Reproduce exactly, and only, the lines below from the one containing "Board (FEN): 8/8/1rpbk1p1/P4p2/3P4/5K2/3B1P2/8" through the one containing "Best continuation: axb6 Kd7 Bf4".

Extracted records:
---

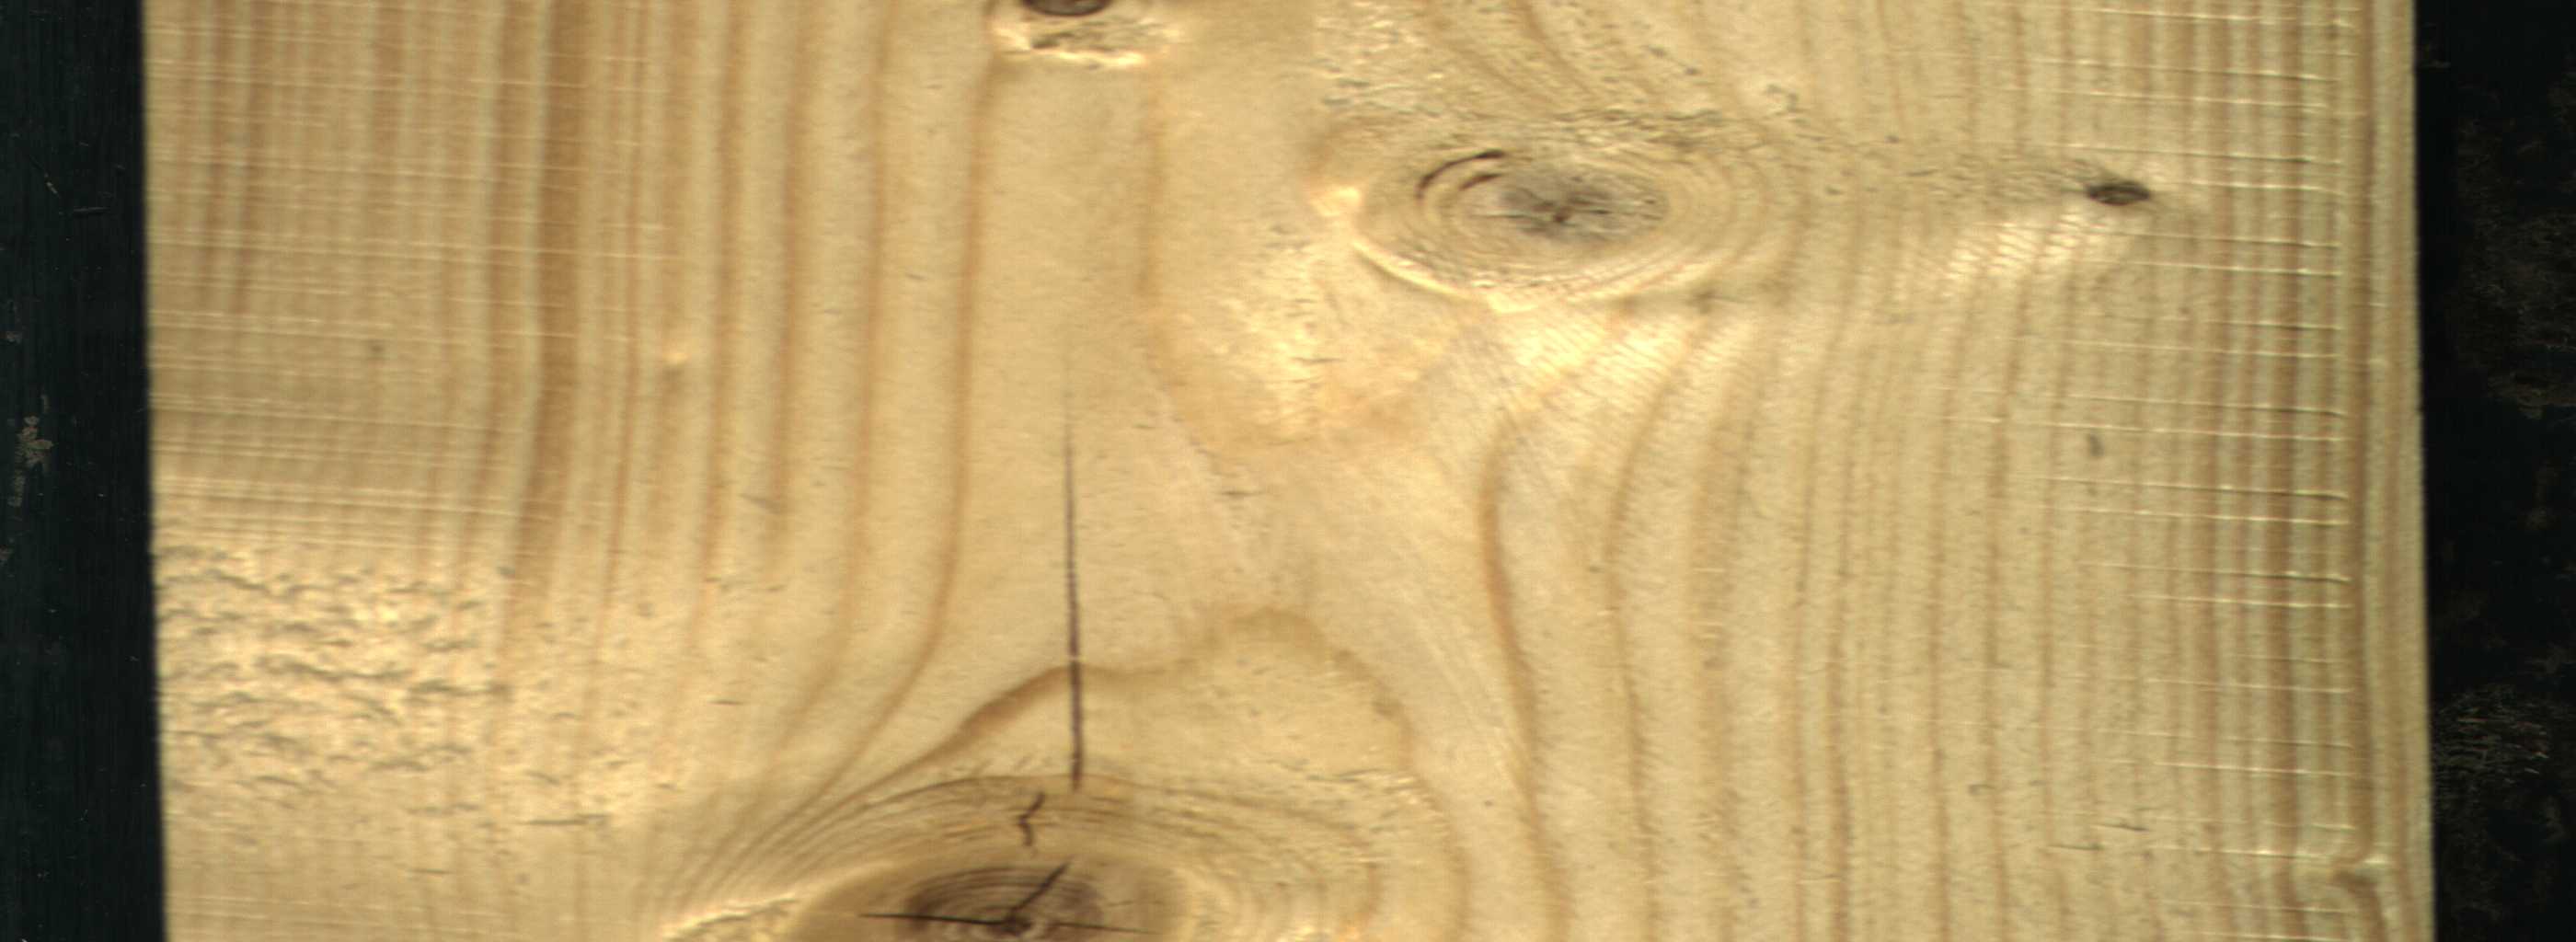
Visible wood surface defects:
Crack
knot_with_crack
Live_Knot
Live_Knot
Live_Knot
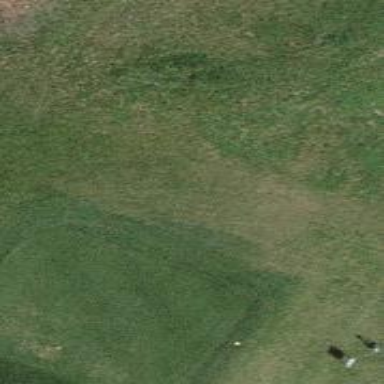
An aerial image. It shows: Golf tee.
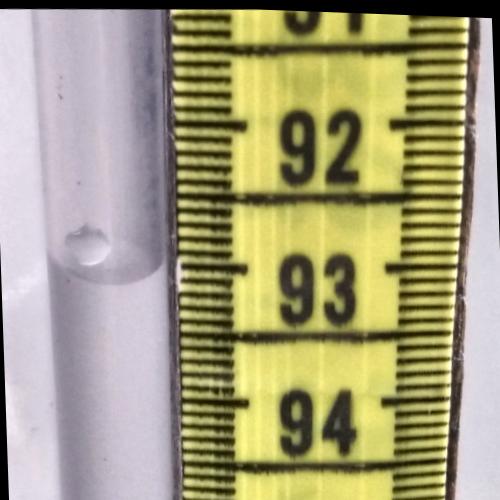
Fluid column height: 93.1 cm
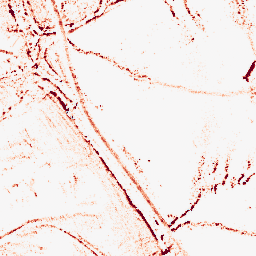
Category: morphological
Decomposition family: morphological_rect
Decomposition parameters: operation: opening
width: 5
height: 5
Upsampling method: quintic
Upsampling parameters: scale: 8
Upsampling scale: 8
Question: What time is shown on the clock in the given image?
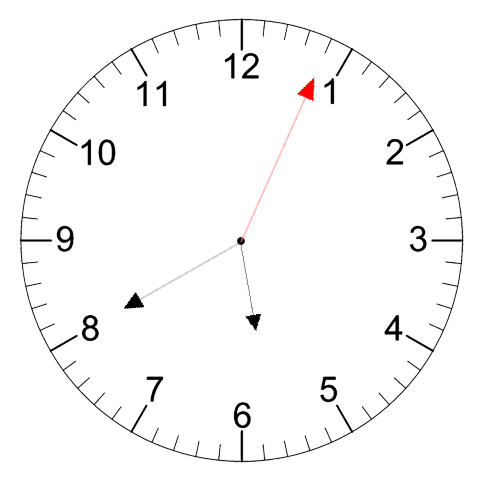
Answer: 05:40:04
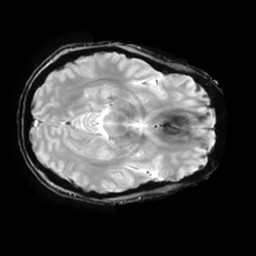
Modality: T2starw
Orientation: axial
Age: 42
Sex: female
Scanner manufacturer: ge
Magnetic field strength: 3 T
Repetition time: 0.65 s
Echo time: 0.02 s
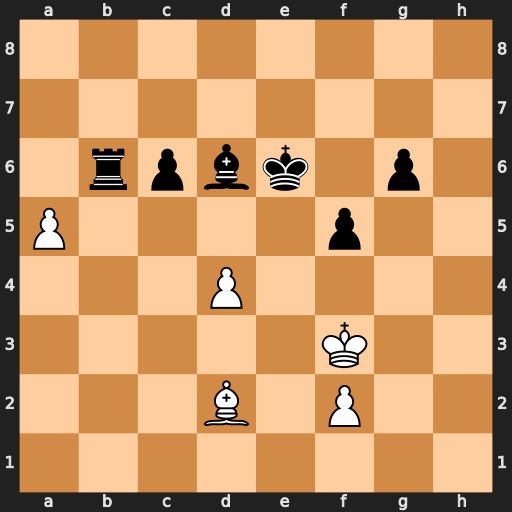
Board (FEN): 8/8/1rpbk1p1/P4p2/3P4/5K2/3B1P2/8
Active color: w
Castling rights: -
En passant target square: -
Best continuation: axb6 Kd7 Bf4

---

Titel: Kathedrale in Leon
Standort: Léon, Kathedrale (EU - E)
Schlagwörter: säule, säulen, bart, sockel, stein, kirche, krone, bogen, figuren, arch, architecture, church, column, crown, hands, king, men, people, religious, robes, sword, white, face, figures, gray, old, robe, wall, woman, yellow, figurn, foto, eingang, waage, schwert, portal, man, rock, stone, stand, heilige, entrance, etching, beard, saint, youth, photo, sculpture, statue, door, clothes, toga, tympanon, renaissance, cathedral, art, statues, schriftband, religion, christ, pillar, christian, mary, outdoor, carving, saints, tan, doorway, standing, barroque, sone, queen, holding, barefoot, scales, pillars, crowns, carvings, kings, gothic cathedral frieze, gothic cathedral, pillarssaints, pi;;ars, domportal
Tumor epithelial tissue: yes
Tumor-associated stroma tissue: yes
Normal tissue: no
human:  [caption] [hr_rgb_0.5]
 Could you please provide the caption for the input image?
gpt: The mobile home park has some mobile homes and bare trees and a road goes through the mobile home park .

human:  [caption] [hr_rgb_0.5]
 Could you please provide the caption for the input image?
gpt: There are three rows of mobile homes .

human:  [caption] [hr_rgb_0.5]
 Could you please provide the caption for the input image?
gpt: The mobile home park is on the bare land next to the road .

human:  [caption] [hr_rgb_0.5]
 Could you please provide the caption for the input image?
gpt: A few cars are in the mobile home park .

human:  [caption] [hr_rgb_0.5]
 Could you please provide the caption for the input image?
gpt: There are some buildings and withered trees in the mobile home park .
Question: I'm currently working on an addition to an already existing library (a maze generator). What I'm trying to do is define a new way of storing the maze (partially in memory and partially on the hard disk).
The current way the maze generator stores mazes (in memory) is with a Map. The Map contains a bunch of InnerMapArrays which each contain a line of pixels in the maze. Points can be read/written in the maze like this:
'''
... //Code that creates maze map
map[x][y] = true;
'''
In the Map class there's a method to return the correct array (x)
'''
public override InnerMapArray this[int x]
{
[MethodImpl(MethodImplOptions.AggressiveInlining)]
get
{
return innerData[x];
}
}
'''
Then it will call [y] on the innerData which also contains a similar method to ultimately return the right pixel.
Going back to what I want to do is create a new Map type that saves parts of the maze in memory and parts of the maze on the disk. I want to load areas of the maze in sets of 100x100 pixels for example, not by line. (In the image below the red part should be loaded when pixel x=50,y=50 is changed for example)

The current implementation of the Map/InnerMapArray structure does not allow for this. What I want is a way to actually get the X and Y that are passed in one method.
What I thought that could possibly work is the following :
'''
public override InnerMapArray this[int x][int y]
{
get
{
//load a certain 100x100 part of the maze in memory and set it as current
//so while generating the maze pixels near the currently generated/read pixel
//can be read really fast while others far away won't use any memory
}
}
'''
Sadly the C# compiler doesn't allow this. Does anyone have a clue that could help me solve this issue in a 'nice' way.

---

Solution to this problem:
Board (FEN): 8/8/1rpbk1p1/P4p2/3P4/5K2/3B1P2/8
Active color: w
Castling rights: -
En passant target square: -
Best continuation: axb6 Kd7 Bf4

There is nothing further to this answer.